Dataset entries |
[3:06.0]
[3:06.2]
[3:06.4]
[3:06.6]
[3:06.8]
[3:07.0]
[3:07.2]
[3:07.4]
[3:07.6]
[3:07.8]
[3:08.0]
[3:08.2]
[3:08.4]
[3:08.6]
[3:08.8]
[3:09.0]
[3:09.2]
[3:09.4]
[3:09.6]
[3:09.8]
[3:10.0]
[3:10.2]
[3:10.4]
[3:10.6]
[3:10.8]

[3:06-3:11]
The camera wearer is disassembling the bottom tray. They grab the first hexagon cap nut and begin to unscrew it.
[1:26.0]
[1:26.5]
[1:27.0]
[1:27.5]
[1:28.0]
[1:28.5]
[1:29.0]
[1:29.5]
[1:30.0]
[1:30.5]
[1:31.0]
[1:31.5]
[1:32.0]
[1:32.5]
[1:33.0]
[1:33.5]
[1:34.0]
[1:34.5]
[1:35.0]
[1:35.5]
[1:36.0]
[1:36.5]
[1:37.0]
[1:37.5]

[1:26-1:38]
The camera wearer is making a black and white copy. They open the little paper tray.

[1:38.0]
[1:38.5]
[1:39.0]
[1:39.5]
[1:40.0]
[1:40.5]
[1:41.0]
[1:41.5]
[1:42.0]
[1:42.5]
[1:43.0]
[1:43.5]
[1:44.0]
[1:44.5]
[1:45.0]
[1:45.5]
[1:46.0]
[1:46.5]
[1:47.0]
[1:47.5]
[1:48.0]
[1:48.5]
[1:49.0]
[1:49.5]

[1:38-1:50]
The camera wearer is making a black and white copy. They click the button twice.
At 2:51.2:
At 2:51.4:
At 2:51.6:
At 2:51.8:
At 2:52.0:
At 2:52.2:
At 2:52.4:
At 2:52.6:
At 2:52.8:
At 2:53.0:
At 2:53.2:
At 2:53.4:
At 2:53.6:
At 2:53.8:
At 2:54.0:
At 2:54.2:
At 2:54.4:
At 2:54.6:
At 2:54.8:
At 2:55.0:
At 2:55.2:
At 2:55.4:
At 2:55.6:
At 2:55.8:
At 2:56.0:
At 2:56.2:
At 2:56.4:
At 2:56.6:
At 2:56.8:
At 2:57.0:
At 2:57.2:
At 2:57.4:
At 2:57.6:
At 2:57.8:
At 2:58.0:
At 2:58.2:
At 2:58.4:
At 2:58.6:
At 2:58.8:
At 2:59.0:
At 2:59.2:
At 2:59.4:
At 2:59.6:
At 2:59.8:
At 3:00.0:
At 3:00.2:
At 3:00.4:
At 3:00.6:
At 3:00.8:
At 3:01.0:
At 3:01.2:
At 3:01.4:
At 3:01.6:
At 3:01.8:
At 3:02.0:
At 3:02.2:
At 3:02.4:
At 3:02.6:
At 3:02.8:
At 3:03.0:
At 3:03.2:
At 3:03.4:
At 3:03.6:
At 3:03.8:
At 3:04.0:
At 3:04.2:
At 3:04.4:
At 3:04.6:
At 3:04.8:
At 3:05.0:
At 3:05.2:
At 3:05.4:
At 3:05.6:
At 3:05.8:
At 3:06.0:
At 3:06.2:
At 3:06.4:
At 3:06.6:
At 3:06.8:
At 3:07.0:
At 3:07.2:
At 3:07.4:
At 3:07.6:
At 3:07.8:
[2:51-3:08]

PROBLEM TO SOLVE | All of the entries above should be written out verbatim.

ANSWER SPACE |
[3:06.0]
[3:06.2]
[3:06.4]
[3:06.6]
[3:06.8]
[3:07.0]
[3:07.2]
[3:07.4]
[3:07.6]
[3:07.8]
[3:08.0]
[3:08.2]
[3:08.4]
[3:08.6]
[3:08.8]
[3:09.0]
[3:09.2]
[3:09.4]
[3:09.6]
[3:09.8]
[3:10.0]
[3:10.2]
[3:10.4]
[3:10.6]
[3:10.8]

[3:06-3:11]
The camera wearer is disassembling the bottom tray. They grab the first hexagon cap nut and begin to unscrew it.
[1:26.0]
[1:26.5]
[1:27.0]
[1:27.5]
[1:28.0]
[1:28.5]
[1:29.0]
[1:29.5]
[1:30.0]
[1:30.5]
[1:31.0]
[1:31.5]
[1:32.0]
[1:32.5]
[1:33.0]
[1:33.5]
[1:34.0]
[1:34.5]
[1:35.0]
[1:35.5]
[1:36.0]
[1:36.5]
[1:37.0]
[1:37.5]

[1:26-1:38]
The camera wearer is making a black and white copy. They open the little paper tray.

[1:38.0]
[1:38.5]
[1:39.0]
[1:39.5]
[1:40.0]
[1:40.5]
[1:41.0]
[1:41.5]
[1:42.0]
[1:42.5]
[1:43.0]
[1:43.5]
[1:44.0]
[1:44.5]
[1:45.0]
[1:45.5]
[1:46.0]
[1:46.5]
[1:47.0]
[1:47.5]
[1:48.0]
[1:48.5]
[1:49.0]
[1:49.5]

[1:38-1:50]
The camera wearer is making a black and white copy. They click the button twice.
At 2:51.2:
At 2:51.4:
At 2:51.6:
At 2:51.8:
At 2:52.0:
At 2:52.2:
At 2:52.4:
At 2:52.6:
At 2:52.8:
At 2:53.0:
At 2:53.2:
At 2:53.4:
At 2:53.6:
At 2:53.8:
At 2:54.0:
At 2:54.2:
At 2:54.4:
At 2:54.6:
At 2:54.8:
At 2:55.0:
At 2:55.2:
At 2:55.4:
At 2:55.6:
At 2:55.8:
At 2:56.0:
At 2:56.2:
At 2:56.4:
At 2:56.6:
At 2:56.8:
At 2:57.0:
At 2:57.2:
At 2:57.4:
At 2:57.6:
At 2:57.8:
At 2:58.0:
At 2:58.2:
At 2:58.4:
At 2:58.6:
At 2:58.8:
At 2:59.0:
At 2:59.2:
At 2:59.4:
At 2:59.6:
At 2:59.8:
At 3:00.0:
At 3:00.2:
At 3:00.4:
At 3:00.6:
At 3:00.8:
At 3:01.0:
At 3:01.2:
At 3:01.4:
At 3:01.6:
At 3:01.8:
At 3:02.0:
At 3:02.2:
At 3:02.4:
At 3:02.6:
At 3:02.8:
At 3:03.0:
At 3:03.2:
At 3:03.4:
At 3:03.6:
At 3:03.8:
At 3:04.0:
At 3:04.2:
At 3:04.4:
At 3:04.6:
At 3:04.8:
At 3:05.0:
At 3:05.2:
At 3:05.4:
At 3:05.6:
At 3:05.8:
At 3:06.0:
At 3:06.2:
At 3:06.4:
At 3:06.6:
At 3:06.8:
At 3:07.0:
At 3:07.2:
At 3:07.4:
At 3:07.6:
At 3:07.8:
[2:51-3:08]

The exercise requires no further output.